Stored data:
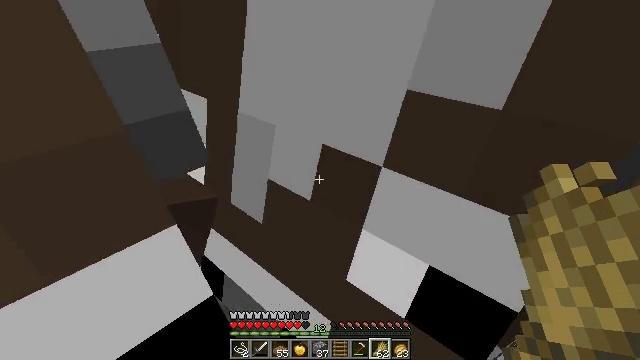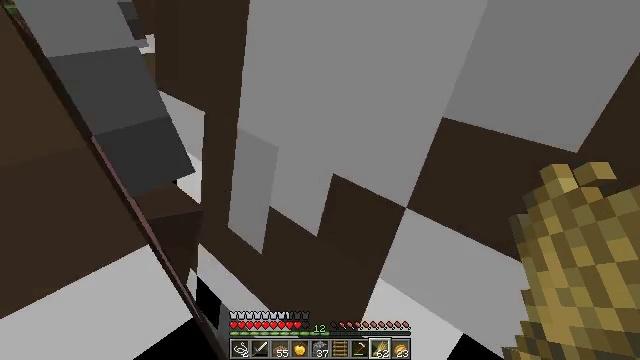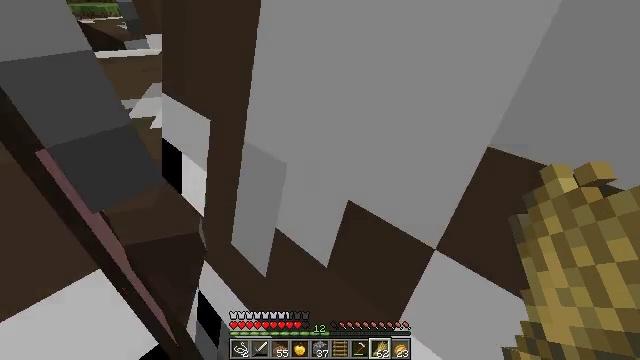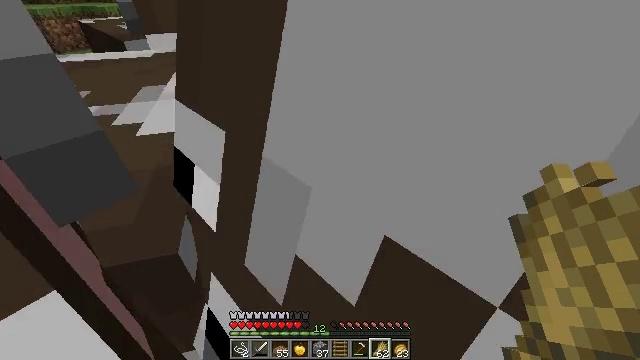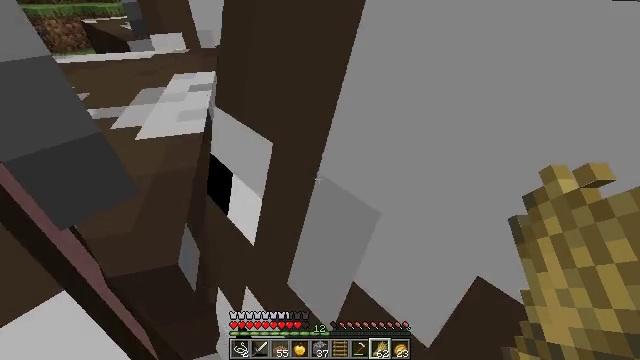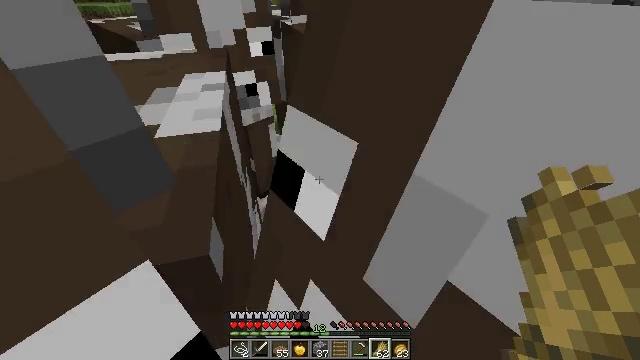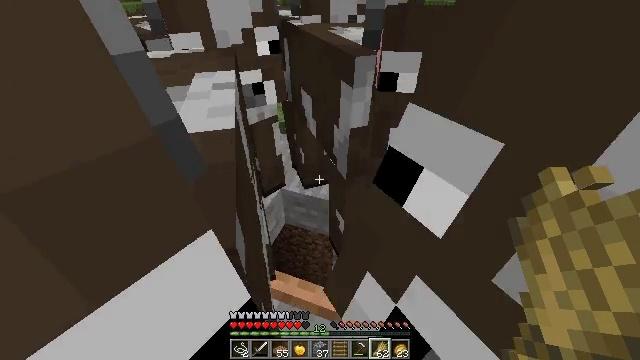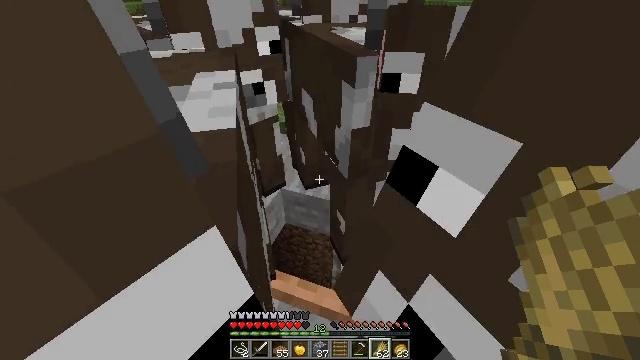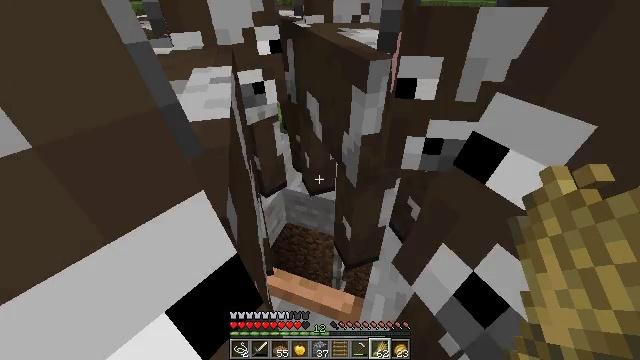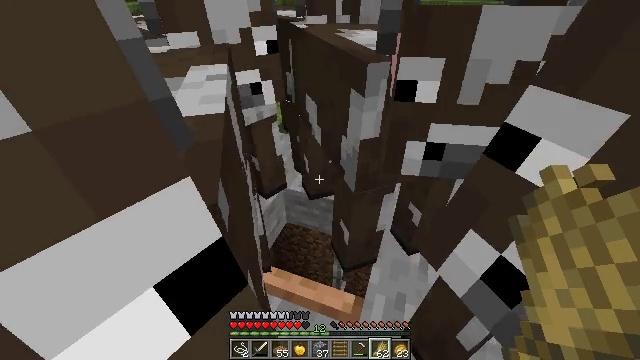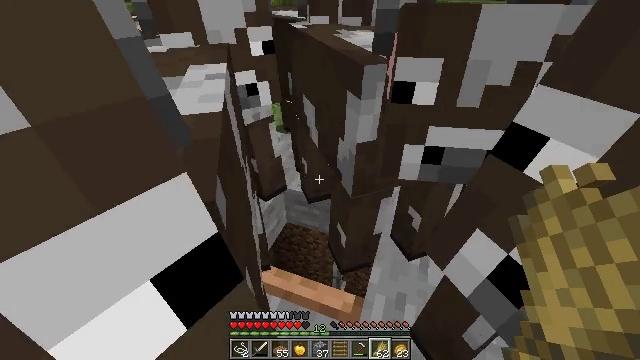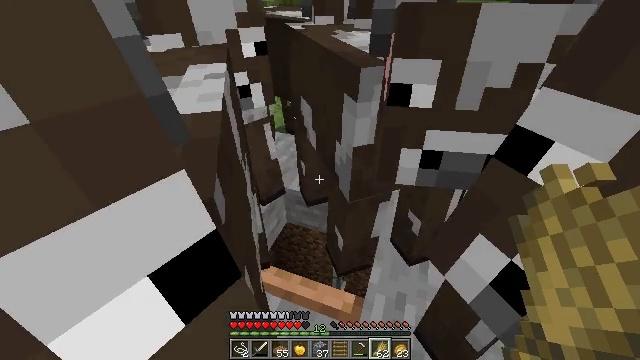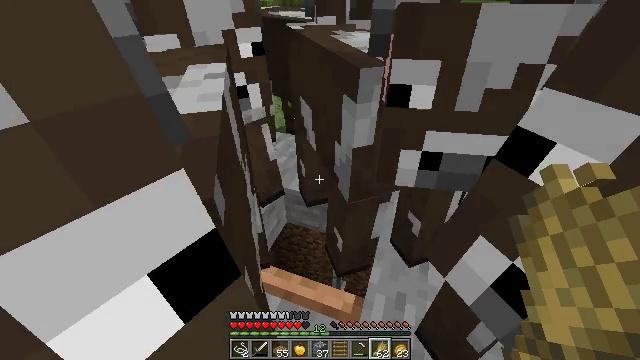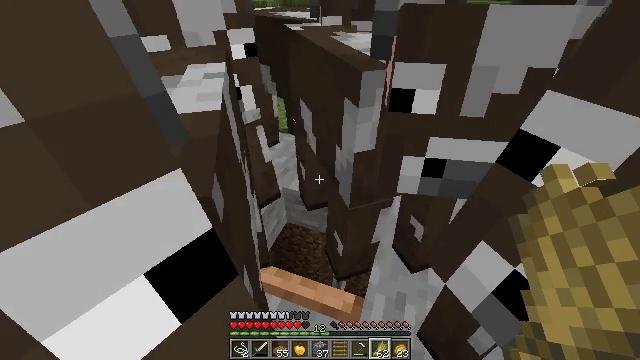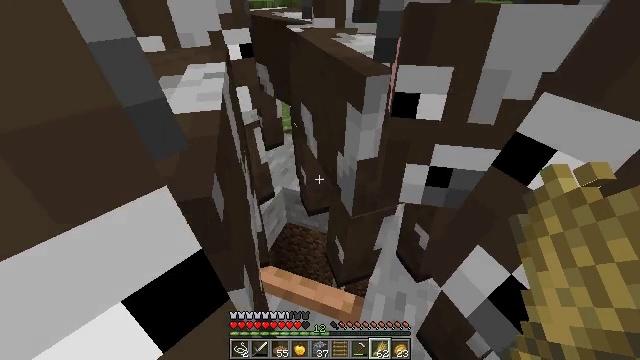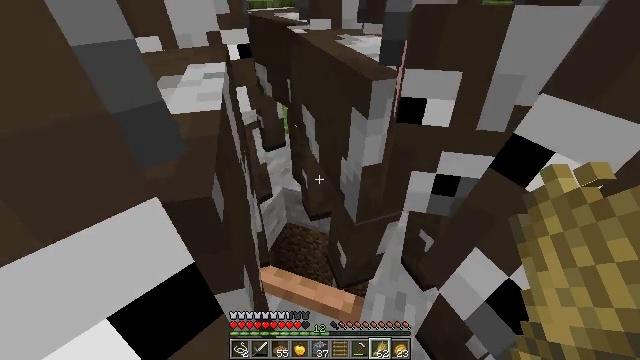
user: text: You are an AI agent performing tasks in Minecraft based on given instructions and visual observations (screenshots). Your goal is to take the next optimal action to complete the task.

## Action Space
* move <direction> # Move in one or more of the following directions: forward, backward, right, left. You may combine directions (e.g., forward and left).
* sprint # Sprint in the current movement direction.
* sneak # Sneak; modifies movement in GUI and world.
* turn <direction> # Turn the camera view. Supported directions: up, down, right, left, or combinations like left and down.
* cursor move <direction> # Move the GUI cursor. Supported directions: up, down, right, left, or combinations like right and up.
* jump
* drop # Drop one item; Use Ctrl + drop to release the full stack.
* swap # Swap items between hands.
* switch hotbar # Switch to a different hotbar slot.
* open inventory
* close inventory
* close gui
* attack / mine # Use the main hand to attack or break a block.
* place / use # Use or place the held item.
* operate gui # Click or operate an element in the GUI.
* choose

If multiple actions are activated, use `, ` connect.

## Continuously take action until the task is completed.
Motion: motion action
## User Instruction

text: Gather the jungle trapdoor by mining it.
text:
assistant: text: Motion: no_op
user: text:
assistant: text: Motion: no_op
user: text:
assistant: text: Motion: no_op
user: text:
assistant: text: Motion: no_op
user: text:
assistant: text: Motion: no_op
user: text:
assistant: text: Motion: no_op
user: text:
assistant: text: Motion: no_op
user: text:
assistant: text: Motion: no_op
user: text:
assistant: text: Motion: no_op
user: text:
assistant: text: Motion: no_op
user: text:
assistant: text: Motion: no_op
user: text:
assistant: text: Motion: no_op
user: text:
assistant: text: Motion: no_op
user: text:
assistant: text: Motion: no_op
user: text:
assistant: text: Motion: no_op
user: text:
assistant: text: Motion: no_op
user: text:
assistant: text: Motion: no_op
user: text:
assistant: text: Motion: no_op
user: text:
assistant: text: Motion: no_op
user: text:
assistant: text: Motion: no_op
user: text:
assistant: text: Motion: no_op
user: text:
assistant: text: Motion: no_op
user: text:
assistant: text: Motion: no_op
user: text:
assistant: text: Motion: no_op
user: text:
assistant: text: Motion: no_op
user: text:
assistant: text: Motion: no_op
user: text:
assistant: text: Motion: no_op
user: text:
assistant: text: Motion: no_op
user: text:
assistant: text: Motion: no_op
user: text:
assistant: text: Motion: no_op
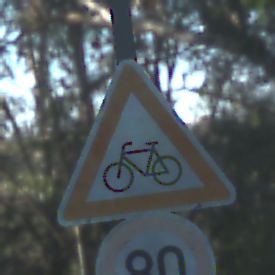
Verkehrszeichen: RadverkehrRechts
Zusatzzeichen unten: Geschwindigkeit80
Umgebung: Outdoor, Nature
Tageszeit: MorningAfternoon
Wetter: Clear
Licht: Natural
Jahreszeit: NotSpecified
Kontrast: LowContrast
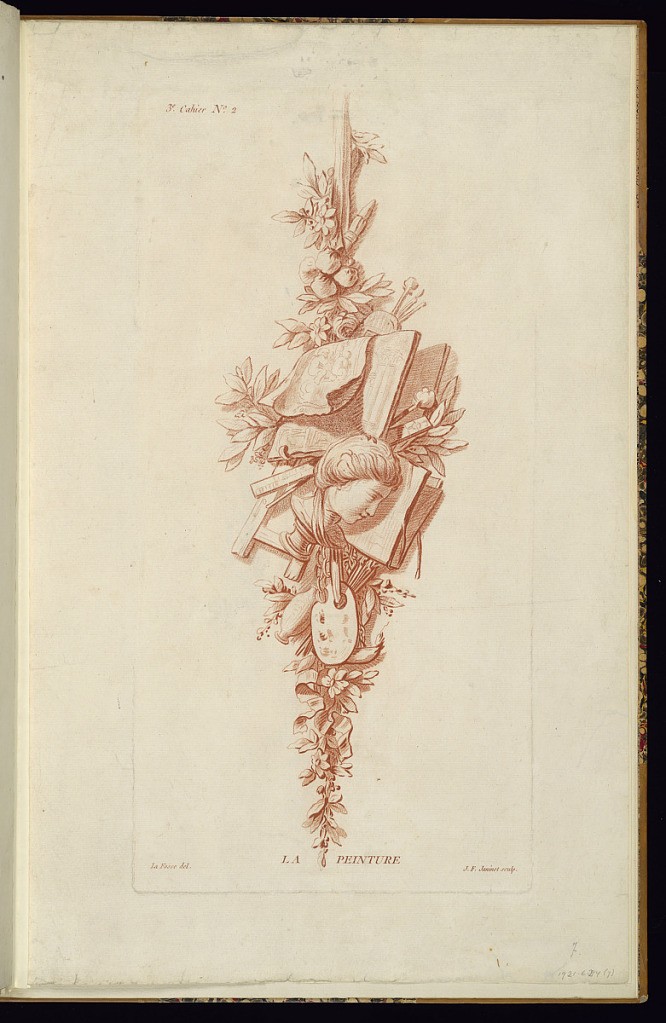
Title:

> **Description of the task**
Read through the entries above and copy each line that has the string "down" in it.

> **Solution for this task**
* turn <direction> # Turn the camera view. Supported directions: up, down, right, left, or combinations like left and down.
* cursor move <direction> # Move the GUI cursor. Supported directions: up, down, right, left, or combinations like right and up.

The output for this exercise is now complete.